Guess what? This weird weather stuff is just one consequence related to nature's deterioration. This whole thing about Global Warming and green house gases is no joke. I read in the new edition of New Scientist last week that if emissions of CO2 don't drop, it's expected that the Earth will warm up 4 degrees Celsius by the end of 2100. Can you imagine how things are going to be at that time here in the United States of America?
Weather is certainly something important for Anglers, specially because severe droughts with raising temperatures may even deplete some water sources in this country. Personally, I remember going to the Hoover Dam last May, on the West coast. The water levels there were really low according to the locals, and looking at the markings on the rocks, it was clearly visible that water was super low (you can read more about it here). Can you imagine the impact that weather could have here in Philadelphia? Starting with the lakes, they could be totally dry by 2100. After all, people need to drink water. The Schuylkill and the Delaware Rivers' levels could be down by a couple feet, meaning that the tributaries/small creeks would be directly affected by it. With changes in water temperature and water depth, the whole fish migration cycle would be messed up, not to mention their spawning behavior, habitats, etc.
Now, since this post focuses mainly on the concepts of environmental conservation and CPR, I'll give one example of each related to the Schuylkill and the Delaware Rivers, respectively.  
Weather/temperature is nothing but one aspect of environmental deterioration. Pollution, which is a result of everything I said in part 3, is also another big factor that influences in our fishing. Ask any old fishing locals, and they will all tell you that the Schuylkill River was an oil dump when they were kids (1930-1960's). Only a couple Species of fish were able to survive in such a tough environment (i.e. Channel Catfish, American Eels). It's thanks to the Water Department, and MILLIONS of dollars spent in water treatment (money that goes out of your pocket), that the Schuylkill is better nowadays. And even today, when the River is so much better, there are still people out there calling the Schuylkill River the "Sewer" of the city, where "dead bodies" are dumped.

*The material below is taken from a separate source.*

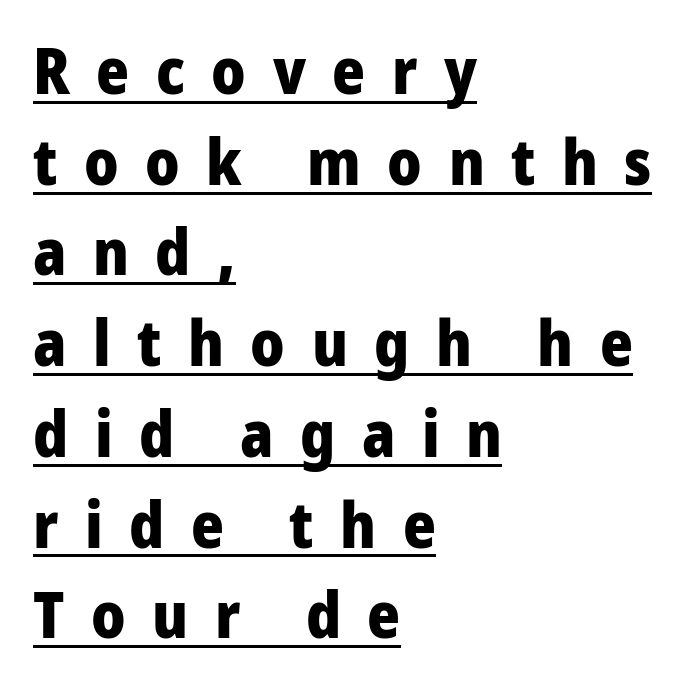
Regarding serifs, this sample does without them. The passage shown is typed in a proportional face where columns would drift. Caption: bold face, heavy strokes. The face used here appears with an underline applied. Is the block centered? No — it sits flush against the left margin. Glyph-to-glyph distance is far greater than everyday printed text.

I would love to remind all those people that the water that all Philadelphians drink partially come from the Schuylkill and the Delaware Rivers after water treatment is performed.
The Schuylkill River is definitely better, but it's far from clean. From the Greys Ferry portion downwards, one can still observe a thin layer of oil/chemicals floating on the waters of the River as the tide moves in and out. Would you eat a fish that comes out of a River like that? That's an interesting question that I'll discuss in the next section, heh.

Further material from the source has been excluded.